(Source data Opens)

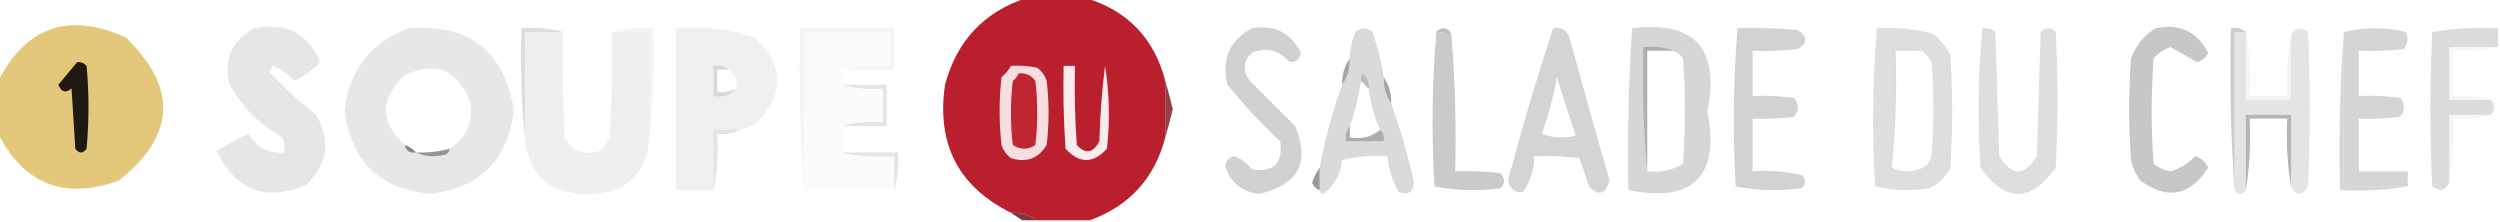 <?xml version="1.0" encoding="UTF-8"?>
<!DOCTYPE svg PUBLIC "-//W3C//DTD SVG 1.1//EN" "http://www.w3.org/Graphics/SVG/1.1/DTD/svg11.dtd">
<svg xmlns="http://www.w3.org/2000/svg" version="1.1" width="664px" height="59px" style="shape-rendering:geometricPrecision; text-rendering:geometricPrecision; image-rendering:optimizeQuality; fill-rule:evenodd; clip-rule:evenodd" xmlns:xlink="http://www.w3.org/1999/xlink">
<g><path style="opacity:0.999" fill="#b91f2c" d="M 272.5,-0.5 C 277.833,-0.5 283.167,-0.5 288.5,-0.5C 299.575,2.909 306.575,10.242 309.5,21.5C 309.5,26.5 309.5,31.5 309.5,36.5C 306.668,47.331 300.001,54.665 289.5,58.5C 284.833,58.5 280.167,58.5 275.5,58.5C 273.485,57.076 271.152,56.41 268.5,56.5C 254.525,49.554 248.692,38.221 251,22.5C 254.104,10.904 261.271,3.237 272.5,-0.5 Z"/></g>
<g><path style="opacity:0.435" fill="#656565" d="M 381.5,8.5 C 381.917,7.876 382.584,7.543 383.5,7.5C 384.713,7.747 385.38,8.414 385.5,9.5C 384.292,8.766 382.959,8.433 381.5,8.5 Z"/></g>
<g><path style="opacity:0.96" fill="#e2c676" d="M -0.5,35.5 C -0.5,30.833 -0.5,26.167 -0.5,21.5C 7.089,6.93 18.422,3.097 33.5,10C 47.256,23.454 46.589,36.12 31.5,48C 17.09,53.145 6.423,48.978 -0.5,35.5 Z"/></g>
<g><path style="opacity:0.998" fill="#e6e6e6" d="M 67.5,7.5 C 76.066,5.924 81.899,8.924 85,16.5C 83.002,18.663 80.668,20.33 78,21.5C 76.606,19.613 74.773,18.279 72.5,17.5C 72.167,18 71.833,18.5 71.5,19C 75.303,23.132 79.469,26.965 84,30.5C 87.876,37.323 87.043,43.49 81.5,49C 70.672,53.722 62.672,50.722 57.5,40C 60.343,38.483 63.177,36.983 66,35.5C 68.15,39.159 71.316,40.826 75.5,40.5C 75.657,39.127 75.49,37.793 75,36.5C 69,33.167 64.333,28.5 61,22.5C 59.366,15.775 61.532,10.775 67.5,7.5 Z"/></g>
<g><path style="opacity:0.998" fill="#e7e7e7" d="M 108.5,7.5 C 124.374,6.212 133.707,13.379 136.5,29C 134.952,42.548 127.452,50.048 114,51.5C 100.769,50.103 93.269,42.769 91.5,29.5C 92.71,18.634 98.376,11.301 108.5,7.5 Z M 119.5,39.5 C 116.57,40.299 113.57,40.632 110.5,40.5C 109.71,39.599 108.71,38.932 107.5,38.5C 100.867,32.455 100.867,26.289 107.5,20C 115.94,16.082 121.773,18.582 125,27.5C 125.562,32.665 123.729,36.665 119.5,39.5 Z"/></g>
<g><path style="opacity:0.155" fill="#252525" d="M 149.5,8.5 C 146.167,8.5 142.833,8.5 139.5,8.5C 139.5,18.167 139.5,27.833 139.5,37.5C 138.506,27.681 138.173,17.681 138.5,7.5C 142.371,7.185 146.038,7.518 149.5,8.5 Z"/></g>
<g><path style="opacity:0.999" fill="#efefef" d="M 149.5,8.5 C 149.334,17.839 149.5,27.173 150,36.5C 152.053,40.292 155.219,41.458 159.5,40C 160.893,38.829 161.727,37.329 162,35.5C 162.5,26.506 162.666,17.506 162.5,8.5C 165.833,8.5 169.167,8.5 172.5,8.5C 172.5,17.833 172.5,27.167 172.5,36.5C 171.624,46.7 165.958,51.7 155.5,51.5C 146.041,51.367 140.708,46.7 139.5,37.5C 139.5,27.833 139.5,18.167 139.5,8.5C 142.833,8.5 146.167,8.5 149.5,8.5 Z"/></g>
<g><path style="opacity:0.041" fill="#101010" d="M 162.5,8.5 C 165.962,7.518 169.629,7.185 173.5,7.5C 173.827,17.348 173.494,27.014 172.5,36.5C 172.5,27.167 172.5,17.833 172.5,8.5C 169.167,8.5 165.833,8.5 162.5,8.5 Z"/></g>
<g><path style="opacity:0.998" fill="#f0f0f0" d="M 196.5,34.5 C 194.167,34.5 191.833,34.5 189.5,34.5C 189.5,39.833 189.5,45.167 189.5,50.5C 186.167,50.5 182.833,50.5 179.5,50.5C 179.5,36.167 179.5,21.833 179.5,7.5C 186.704,6.945 193.704,7.778 200.5,10C 208.491,17.709 208.491,25.375 200.5,33C 199.255,33.791 197.922,34.291 196.5,34.5 Z M 193.5,18.5 C 195.213,19.635 195.88,21.302 195.5,23.5C 193.958,24.301 192.292,24.634 190.5,24.5C 190.5,22.5 190.5,20.5 190.5,18.5C 191.5,18.5 192.5,18.5 193.5,18.5 Z"/></g>
<g><path style="opacity:0.047" fill="#212121" d="M 223.5,18.5 C 227.634,17.515 231.968,17.182 236.5,17.5C 236.5,14.5 236.5,11.5 236.5,8.5C 228.833,8.5 221.167,8.5 213.5,8.5C 213.5,22.5 213.5,36.5 213.5,50.5C 212.504,36.343 212.171,22.01 212.5,7.5C 220.833,7.5 229.167,7.5 237.5,7.5C 237.5,11.167 237.5,14.833 237.5,18.5C 232.833,18.5 228.167,18.5 223.5,18.5 Z"/></g>
<g><path style="opacity:0.999" fill="#fbfbfb" d="M 223.5,18.5 C 223.5,19.833 223.5,21.167 223.5,22.5C 226.962,23.482 230.629,23.815 234.5,23.5C 234.5,26.5 234.5,29.5 234.5,32.5C 230.629,32.185 226.962,32.518 223.5,33.5C 223.5,35.833 223.5,38.167 223.5,40.5C 227.97,41.486 232.637,41.819 237.5,41.5C 237.5,44.5 237.5,47.5 237.5,50.5C 229.5,50.5 221.5,50.5 213.5,50.5C 213.5,36.5 213.5,22.5 213.5,8.5C 221.167,8.5 228.833,8.5 236.5,8.5C 236.5,11.5 236.5,14.5 236.5,17.5C 231.968,17.182 227.634,17.515 223.5,18.5 Z"/></g>
<g><path style="opacity:0.994" fill="#d1d1d1" d="M 332.5,7.5 C 338.489,6.494 342.822,8.661 345.5,14C 345.266,15.732 344.266,16.566 342.5,16.5C 339.62,13.252 336.287,12.419 332.5,14C 330.15,16.373 329.983,18.873 332,21.5C 336,25.5 340,29.5 344,33.5C 348.046,43.071 344.879,49.071 334.5,51.5C 330.016,51.011 327.016,48.677 325.5,44.5C 325.434,42.734 326.268,41.734 328,41.5C 329.775,42.27 331.275,43.437 332.5,45C 338.333,45.833 340.833,43.333 340,37.5C 334.966,32.801 330.3,27.801 326,22.5C 324.366,15.775 326.532,10.775 332.5,7.5 Z"/></g>
<g><path style="opacity:0.997" fill="#dadada" d="M 367.5,20.5 C 367.41,23.152 368.076,25.485 369.5,27.5C 371.864,34.105 373.864,40.938 375.5,48C 375.563,50.941 374.23,51.941 371.5,51C 369.807,48.066 368.807,44.899 368.5,41.5C 364.445,41.176 360.445,41.509 356.5,42.5C 356.118,46.268 354.451,49.268 351.5,51.5C 350.893,51.376 350.56,51.043 350.5,50.5C 350.5,48.5 350.5,46.5 350.5,44.5C 351.898,36.899 353.898,29.566 356.5,22.5C 357.924,20.485 358.59,18.152 358.5,15.5C 358.523,13.073 359.023,10.74 360,8.5C 361.494,7.253 362.994,7.253 364.5,8.5C 365.915,12.409 366.915,16.409 367.5,20.5 Z M 361.5,21.5 C 362.167,22.167 362.833,22.833 363.5,23.5C 364.055,27.397 365.055,31.064 366.5,34.5C 364.365,36.369 361.698,37.036 358.5,36.5C 358.5,35.5 358.5,34.5 358.5,33.5C 359.903,29.619 360.903,25.619 361.5,21.5 Z"/></g>
<g><path style="opacity:0.999" fill="#cacaca" d="M 381.5,8.5 C 382.959,8.433 384.292,8.766 385.5,9.5C 386.479,21.42 386.812,33.42 386.5,45.5C 390.514,45.334 394.514,45.501 398.5,46C 399.833,47.333 399.833,48.667 398.5,50C 392.584,50.807 386.75,50.641 381,49.5C 380.173,35.66 380.339,21.994 381.5,8.5 Z"/></g>
<g><path style="opacity:0.996" fill="#d4d4d4" d="M 412.5,7.5 C 414.911,7.137 416.411,8.137 417,10.5C 420.422,23.022 423.922,35.522 427.5,48C 426.347,51.677 424.514,52.177 422,49.5C 421.239,46.947 420.406,44.447 419.5,42C 415.514,41.501 411.514,41.334 407.5,41.5C 407.495,45.033 406.495,48.2 404.5,51C 402.397,51.251 401.063,50.251 400.5,48C 404.121,34.34 408.121,20.84 412.5,7.5 Z M 413.5,20.5 C 415.073,25.6 416.74,30.767 418.5,36C 415.446,36.821 412.446,36.655 409.5,35.5C 411.304,30.617 412.637,25.617 413.5,20.5 Z"/></g>
<g><path style="opacity:0.997" fill="#d6d6d6" d="M 433.5,7.5 C 450.165,5.504 456.832,12.838 453.5,29.5C 456.774,46.893 449.774,53.893 432.5,50.5C 432.184,36.088 432.518,21.755 433.5,7.5 Z M 444.5,13.5 C 445.458,13.953 446.292,14.62 447,15.5C 447.667,24.833 447.667,34.167 447,43.5C 444.096,45.227 440.93,45.894 437.5,45.5C 437.5,34.833 437.5,24.167 437.5,13.5C 439.833,13.5 442.167,13.5 444.5,13.5 Z"/></g>
<g><path style="opacity:0.998" fill="#d2d2d2" d="M 461.5,7.5 C 466.844,7.334 472.177,7.501 477.5,8C 480.167,9.667 480.167,11.333 477.5,13C 473.514,13.499 469.514,13.665 465.5,13.5C 465.5,17.5 465.5,21.5 465.5,25.5C 469.182,25.335 472.848,25.501 476.5,26C 477.833,27.667 477.833,29.333 476.5,31C 472.848,31.499 469.182,31.665 465.5,31.5C 465.5,36.167 465.5,40.833 465.5,45.5C 469.884,45.174 474.217,45.508 478.5,46.5C 479.711,47.72 479.711,48.887 478.5,50C 472.584,50.807 466.75,50.641 461,49.5C 460.186,35.425 460.352,21.425 461.5,7.5 Z"/></g>
<g><path style="opacity:0.998" fill="#dedede" d="M 498.5,7.5 C 503.599,7.175 508.599,7.675 513.5,9C 515.378,10.543 516.878,12.376 518,14.5C 518.667,24.5 518.667,34.5 518,44.5C 516.833,47 515,48.833 512.5,50C 507.581,50.801 502.748,50.635 498,49.5C 497.186,35.425 497.352,21.425 498.5,7.5 Z M 510.5,13.5 C 511.469,14.309 512.302,15.309 513,16.5C 513.667,24.833 513.667,33.167 513,41.5C 512.5,43.333 511.333,44.5 509.5,45C 506.961,45.796 504.628,45.629 502.5,44.5C 503.494,34.347 503.828,24.014 503.5,13.5C 505.833,13.5 508.167,13.5 510.5,13.5 Z"/></g>
<g><path style="opacity:0.999" fill="#dedede" d="M 526.5,7.5 C 527.822,7.33 528.989,7.663 530,8.5C 530.333,19.5 530.667,30.5 531,41.5C 534.333,46.833 537.667,46.833 541,41.5C 541.333,30.5 541.667,19.5 542,8.5C 543.333,7.167 544.667,7.167 546,8.5C 546.667,20.5 546.667,32.5 546,44.5C 539.333,53.833 532.667,53.833 526,44.5C 525.188,32.091 525.355,19.758 526.5,7.5 Z"/></g>
<g><path style="opacity:0.997" fill="#c7c7c7" d="M 572.5,7.5 C 578.86,6.181 583.526,8.348 586.5,14C 585.91,15.299 584.91,16.132 583.5,16.5C 581.19,15.205 578.857,13.871 576.5,12.5C 574.742,13.128 573.242,14.128 572,15.5C 571.333,24.833 571.333,34.167 572,43.5C 573.313,44.573 574.813,45.239 576.5,45.5C 579.073,44.748 581.24,43.414 583,41.5C 584.622,41.954 585.788,42.954 586.5,44.5C 581.726,52.027 575.726,53.194 568.5,48C 567.283,46.352 566.45,44.519 566,42.5C 565.333,33.5 565.333,24.5 566,15.5C 567.305,12.039 569.471,9.372 572.5,7.5 Z"/></g>
<g><path style="opacity:0.999" fill="#e4e4e4" d="M 608.5,49.5 C 608.5,43.167 608.5,36.833 608.5,30.5C 604.5,30.5 600.5,30.5 596.5,30.5C 596.5,37.167 596.5,43.833 596.5,50.5C 595.5,51.833 594.5,51.833 593.5,50.5C 593.5,36.5 593.5,22.5 593.5,8.5C 594.5,8.5 595.5,8.5 596.5,8.5C 596.5,14.5 596.5,20.5 596.5,26.5C 600.5,26.5 604.5,26.5 608.5,26.5C 608.5,20.833 608.5,15.167 608.5,9.5C 609.455,7.29 610.955,6.957 613,8.5C 613.667,22.167 613.667,35.833 613,49.5C 611.35,52.106 609.85,52.106 608.5,49.5 Z"/></g>
<g><path style="opacity:0.997" fill="#d5d5d5" d="M 639.5,49.5 C 633.833,49.5 628.167,49.5 622.5,49.5C 622.5,35.833 622.5,22.167 622.5,8.5C 627.901,7.175 633.401,7.175 639,8.5C 639.72,10.112 639.554,11.612 638.5,13C 634.514,13.499 630.514,13.665 626.5,13.5C 626.5,17.5 626.5,21.5 626.5,25.5C 630.182,25.335 633.848,25.501 637.5,26C 638.833,27.667 638.833,29.333 637.5,31C 633.848,31.499 630.182,31.665 626.5,31.5C 626.5,36.167 626.5,40.833 626.5,45.5C 630.833,45.5 635.167,45.5 639.5,45.5C 639.5,46.833 639.5,48.167 639.5,49.5 Z"/></g>
<g><path style="opacity:0.997" fill="#dcdcdc" d="M 663.5,7.5 C 663.5,9.167 663.5,10.833 663.5,12.5C 663.167,12.5 662.833,12.5 662.5,12.5C 658.5,12.5 654.5,12.5 650.5,12.5C 650.5,17.167 650.5,21.833 650.5,26.5C 654.167,26.5 657.833,26.5 661.5,26.5C 662.833,27.833 662.833,29.167 661.5,30.5C 657.833,30.5 654.167,30.5 650.5,30.5C 650.5,36.5 650.5,42.5 650.5,48.5C 649.545,50.71 648.045,51.043 646,49.5C 645.333,35.833 645.333,22.167 646,8.5C 651.741,7.525 657.575,7.192 663.5,7.5 Z"/></g>
<g><path style="opacity:0.811" fill="#c0c0c0" d="M 596.5,8.5 C 595.5,8.5 594.5,8.5 593.5,8.5C 593.5,22.5 593.5,36.5 593.5,50.5C 592.504,36.343 592.171,22.01 592.5,7.5C 594.099,7.232 595.432,7.566 596.5,8.5 Z"/></g>
<g><path style="opacity:0.051" fill="#2d2d2d" d="M 596.5,8.5 C 597.489,13.975 597.822,19.642 597.5,25.5C 600.833,25.5 604.167,25.5 607.5,25.5C 607.179,19.974 607.512,14.64 608.5,9.5C 608.5,15.167 608.5,20.833 608.5,26.5C 604.5,26.5 600.5,26.5 596.5,26.5C 596.5,20.5 596.5,14.5 596.5,8.5 Z"/></g>
<g><path style="opacity:0.702" fill="#c5c5c5" d="M 622.5,8.5 C 622.5,22.167 622.5,35.833 622.5,49.5C 628.167,49.5 633.833,49.5 639.5,49.5C 633.69,50.49 627.69,50.823 621.5,50.5C 621.171,36.323 621.504,22.323 622.5,8.5 Z"/></g>
<g><path style="opacity:0.474" fill="#888888" d="M 444.5,13.5 C 442.167,13.5 439.833,13.5 437.5,13.5C 437.5,24.167 437.5,34.833 437.5,45.5C 436.505,34.679 436.172,23.679 436.5,12.5C 439.385,12.194 442.052,12.527 444.5,13.5 Z"/></g>
<g><path style="opacity:0.008" fill="#1e1e1e" d="M 510.5,13.5 C 508.167,13.5 505.833,13.5 503.5,13.5C 503.828,24.014 503.494,34.347 502.5,44.5C 502.5,33.833 502.5,23.167 502.5,12.5C 505.385,12.194 508.052,12.527 510.5,13.5 Z"/></g>
<g><path style="opacity:0.035" fill="#181818" d="M 662.5,12.5 C 659.038,13.482 655.371,13.815 651.5,13.5C 651.5,17.5 651.5,21.5 651.5,25.5C 655.042,25.187 658.375,25.521 661.5,26.5C 657.833,26.5 654.167,26.5 650.5,26.5C 650.5,21.833 650.5,17.167 650.5,12.5C 654.5,12.5 658.5,12.5 662.5,12.5 Z"/></g>
<g><path style="opacity:1" fill="#1e1a12" d="M 20.5,16.5 C 21.496,16.414 22.329,16.748 23,17.5C 23.667,24.833 23.667,32.167 23,39.5C 22,40.833 21,40.833 20,39.5C 19.667,34.167 19.333,28.833 19,23.5C 17.456,24.821 16.289,24.488 15.5,22.5C 17.19,20.481 18.856,18.481 20.5,16.5 Z"/></g>
<g><path style="opacity:1" fill="#f7dfe1" d="M 268.5,17.5 C 270.857,17.337 273.19,17.503 275.5,18C 276.701,18.902 277.535,20.069 278,21.5C 278.667,27.167 278.667,32.833 278,38.5C 275.794,42.125 272.627,43.292 268.5,42C 267.299,41.097 266.465,39.931 266,38.5C 265.333,32.5 265.333,26.5 266,20.5C 267.045,19.627 267.878,18.627 268.5,17.5 Z"/></g>
<g><path style="opacity:1" fill="#faeced" d="M 282.5,17.5 C 283.5,17.5 284.5,17.5 285.5,17.5C 285.334,24.508 285.5,31.508 286,38.5C 288.321,41.032 290.321,40.699 292,37.5C 292.169,30.808 292.669,24.142 293.5,17.5C 294.665,24.811 294.831,32.144 294,39.5C 290.333,43.5 286.667,43.5 283,39.5C 282.5,32.174 282.334,24.841 282.5,17.5 Z"/></g>
<g><path style="opacity:0.14" fill="#474747" d="M 193.5,18.5 C 192.5,18.5 191.5,18.5 190.5,18.5C 190.5,20.5 190.5,22.5 190.5,24.5C 192.292,24.634 193.958,24.301 195.5,23.5C 194.082,25.308 192.082,25.975 189.5,25.5C 189.5,22.833 189.5,20.167 189.5,17.5C 191.099,17.232 192.432,17.566 193.5,18.5 Z"/></g>
<g><path style="opacity:0.835" fill="#939393" d="M 358.5,15.5 C 358.59,18.152 357.924,20.485 356.5,22.5C 356.41,19.848 357.076,17.515 358.5,15.5 Z"/></g>
<g><path style="opacity:1" fill="#bf2632" d="M 270.5,19.5 C 272.39,19.297 273.89,19.963 275,21.5C 275.667,27.167 275.667,32.833 275,38.5C 273,39.833 271,39.833 269,38.5C 268.333,32.833 268.333,27.167 269,21.5C 269.717,20.956 270.217,20.289 270.5,19.5 Z"/></g>
<g><path style="opacity:0.196" fill="#444444" d="M 363.5,23.5 C 362.833,22.833 362.167,22.167 361.5,21.5C 361.369,20.761 361.536,20.094 362,19.5C 363.188,20.563 363.688,21.897 363.5,23.5 Z"/></g>
<g><path style="opacity:0.141" fill="#424242" d="M 223.5,22.5 C 227.5,22.5 231.5,22.5 235.5,22.5C 235.5,26.167 235.5,29.833 235.5,33.5C 231.5,33.5 227.5,33.5 223.5,33.5C 226.962,32.518 230.629,32.185 234.5,32.5C 234.5,29.5 234.5,26.5 234.5,23.5C 230.629,23.815 226.962,23.482 223.5,22.5 Z"/></g>
<g><path style="opacity:0.839" fill="#939393" d="M 367.5,20.5 C 368.924,22.515 369.59,24.848 369.5,27.5C 368.076,25.485 367.41,23.152 367.5,20.5 Z"/></g>
<g><path style="opacity:0.814" fill="#78161d" d="M 309.5,21.5 C 310.21,23.893 310.877,26.393 311.5,29C 310.877,31.607 310.21,34.107 309.5,36.5C 309.5,31.5 309.5,26.5 309.5,21.5 Z"/></g>
<g><path style="opacity:0.424" fill="#515151" d="M 608.5,49.5 C 607.51,43.69 607.177,37.69 607.5,31.5C 604.167,31.5 600.833,31.5 597.5,31.5C 597.823,38.022 597.49,44.355 596.5,50.5C 596.5,43.833 596.5,37.167 596.5,30.5C 600.5,30.5 604.5,30.5 608.5,30.5C 608.5,36.833 608.5,43.167 608.5,49.5 Z"/></g>
<g><path style="opacity:0.035" fill="#1c1c1c" d="M 661.5,30.5 C 658.375,31.479 655.042,31.813 651.5,31.5C 651.822,37.358 651.489,43.025 650.5,48.5C 650.5,42.5 650.5,36.5 650.5,30.5C 654.167,30.5 657.833,30.5 661.5,30.5 Z"/></g>
<g><path style="opacity:0.141" fill="#3b3b3b" d="M 196.5,34.5 C 194.735,35.461 192.735,35.795 190.5,35.5C 190.821,40.695 190.487,45.695 189.5,50.5C 189.5,45.167 189.5,39.833 189.5,34.5C 191.833,34.5 194.167,34.5 196.5,34.5 Z"/></g>
<g><path style="opacity:0.468" fill="#7b7b7b" d="M 358.5,33.5 C 358.5,34.5 358.5,35.5 358.5,36.5C 361.698,37.036 364.365,36.369 366.5,34.5C 367.404,35.209 367.737,36.209 367.5,37.5C 364.167,37.5 360.833,37.5 357.5,37.5C 357.232,35.901 357.566,34.568 358.5,33.5 Z"/></g>
<g><path style="opacity:0.761" fill="#6a6a6a" d="M 107.5,38.5 C 108.71,38.932 109.71,39.599 110.5,40.5C 108.821,40.715 107.821,40.048 107.5,38.5 Z"/></g>
<g><path style="opacity:0.812" fill="#828282" d="M 119.5,39.5 C 119.389,40.117 119.056,40.617 118.5,41C 115.633,41.801 112.966,41.634 110.5,40.5C 113.57,40.632 116.57,40.299 119.5,39.5 Z"/></g>
<g><path style="opacity:0.139" fill="#464646" d="M 223.5,40.5 C 228.5,40.5 233.5,40.5 238.5,40.5C 238.813,44.042 238.479,47.375 237.5,50.5C 237.5,47.5 237.5,44.5 237.5,41.5C 232.637,41.819 227.97,41.486 223.5,40.5 Z"/></g>
<g><path style="opacity:0.867" fill="#8c8c8c" d="M 350.5,44.5 C 350.5,46.5 350.5,48.5 350.5,50.5C 349.522,50.189 348.855,49.522 348.5,48.5C 348.994,46.974 349.661,45.641 350.5,44.5 Z"/></g>
<g><path style="opacity:0.851" fill="#68141a" d="M 268.5,56.5 C 271.152,56.41 273.485,57.076 275.5,58.5C 274.167,58.5 272.833,58.5 271.5,58.5C 270.5,57.833 269.5,57.167 268.5,56.5 Z"/></g>
</svg>

(Source data Closes)

=== What you need to do ===
What you write should match, character for character, the lines from the one with "107.5,38.5 C 108.71,38.932" to the end of the data, both included.

=== Task response ===
<g><path style="opacity:0.761" fill="#6a6a6a" d="M 107.5,38.5 C 108.71,38.932 109.71,39.599 110.5,40.5C 108.821,40.715 107.821,40.048 107.5,38.5 Z"/></g>
<g><path style="opacity:0.812" fill="#828282" d="M 119.5,39.5 C 119.389,40.117 119.056,40.617 118.5,41C 115.633,41.801 112.966,41.634 110.5,40.5C 113.57,40.632 116.57,40.299 119.5,39.5 Z"/></g>
<g><path style="opacity:0.139" fill="#464646" d="M 223.5,40.5 C 228.5,40.5 233.5,40.5 238.5,40.5C 238.813,44.042 238.479,47.375 237.5,50.5C 237.5,47.5 237.5,44.5 237.5,41.5C 232.637,41.819 227.97,41.486 223.5,40.5 Z"/></g>
<g><path style="opacity:0.867" fill="#8c8c8c" d="M 350.5,44.5 C 350.5,46.5 350.5,48.5 350.5,50.5C 349.522,50.189 348.855,49.522 348.5,48.5C 348.994,46.974 349.661,45.641 350.5,44.5 Z"/></g>
<g><path style="opacity:0.851" fill="#68141a" d="M 268.5,56.5 C 271.152,56.41 273.485,57.076 275.5,58.5C 274.167,58.5 272.833,58.5 271.5,58.5C 270.5,57.833 269.5,57.167 268.5,56.5 Z"/></g>
</svg>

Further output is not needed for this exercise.